Dave tertunduk, tangannya mengepal menahan amarah. Ia merasa gagal. Niat baiknya malah membuat Kimmy bersedih.
"Gak usah takut gitu. Gue anggap ini bukan salah lu. Tapi satu kali aja dia nangis karena lu. Jangan harap dia bakal gue lepasin."
Ledekan Ali berujung pada ancaman dengan nada yang serius.
"Gue gak takut sama ancaman lu. Sebelum gue nyakitin dia, gue akan lebih dulu nyerahin dia ke lu."
Jawab Dave sambil membalikkan badannya masuk ke dalam bersamaan dengan kepergian Ali.
Dave merebahkan dirinya di samping Kimmy, ia memperhatikan wajah wanitanya yang kian memabukkan jika di pandangi terus-menerus. Sesekali mengusap lembut pipinya. Memainkan jari jemarinya di bibir manis Kimmy.
Kimmy yang terbangun karena kedinginan setelah hujan tadi, masuk ke dalam dekapan Dave. Wajahnya kini berada tepat di dada Dave.
"Jangan kemana-mana Dave. Biar Seperti ini sampai pagi."
Minta Kimmy.
"Haha, aku juga maunya begitu.
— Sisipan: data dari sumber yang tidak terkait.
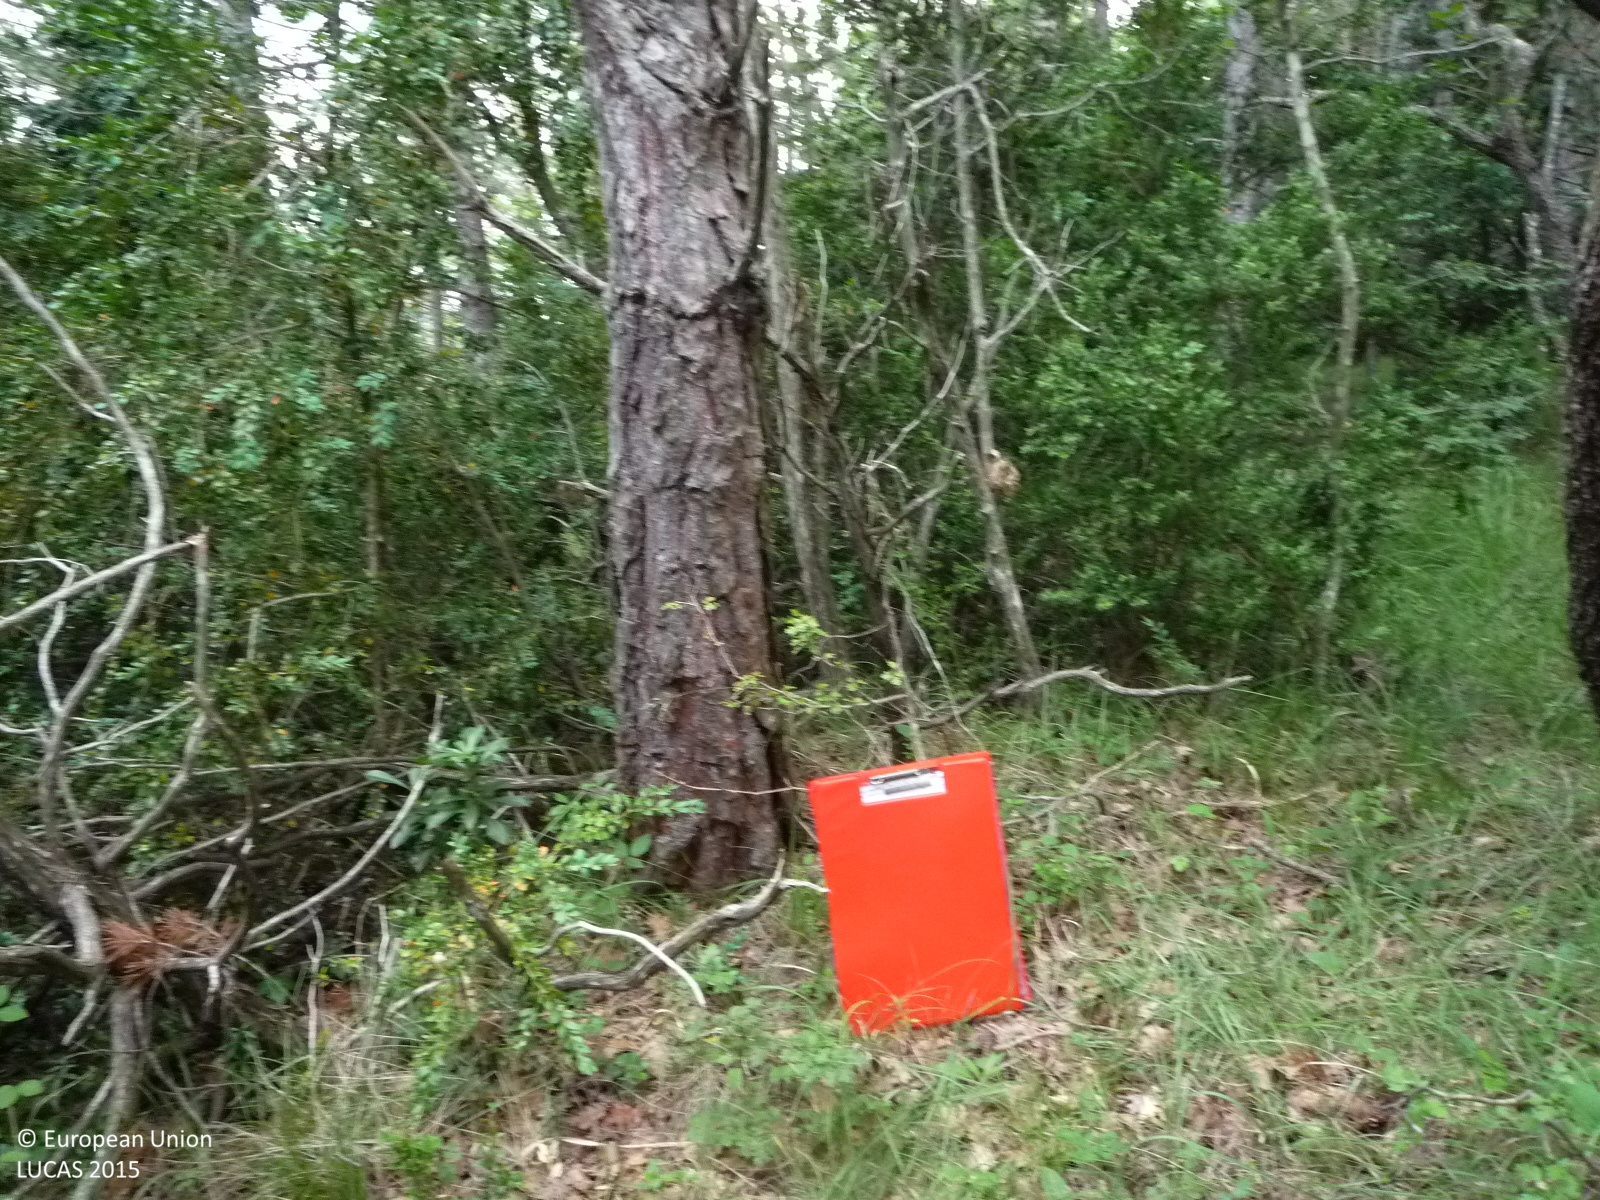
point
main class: Woodland
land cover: Pine dominated mixed woodland
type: alpine coniferous forest
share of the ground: > 75 %
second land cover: Shrubland without tree cover
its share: < 10 %
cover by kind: coniferous forest trees 60 %, broadleaved forest trees 30 %, shrubs 10 %
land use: Forestry
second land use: Agriculture (excluding fallow land and kitchen gardens)
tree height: > 5 m
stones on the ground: < 10 %
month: June
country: ES
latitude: 42.2626
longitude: 1.9749

Tapi bisa kena surat peringatan dari dua saudaramu."
Ucap Dave membuat Kimmy menarik pria itu agar semakin erat dekapannya.
"Apa kita menikah aja?"
Tanya Dave, kini mata Kimmy yang tadi mengantuk mendadak melebar karena terkejut mendengar perkataan Dave.
"Eh gak bisa gitu. Ceritanya gak sesimpel itu."
Jawab Kimmy.
"Cerita? Emang kamu kira kita ada di dalam naskah novel seseorang?"
Tanya Dave lagi.
"Kamu gak ingat ramalan Devi? Aku akan bersatu sama orang yang Ku suka namun masih lama, karena perjalanannya rumit. Kalo semudah ini, berarti kamu bukan jodohku dong?"
Ucap Kimmy.
"Hahaa kamu, itu takhayul. Gak semuanya benar."
Tawa Dave diakhiri ciuman lembut di bibir merah delima Kimmy.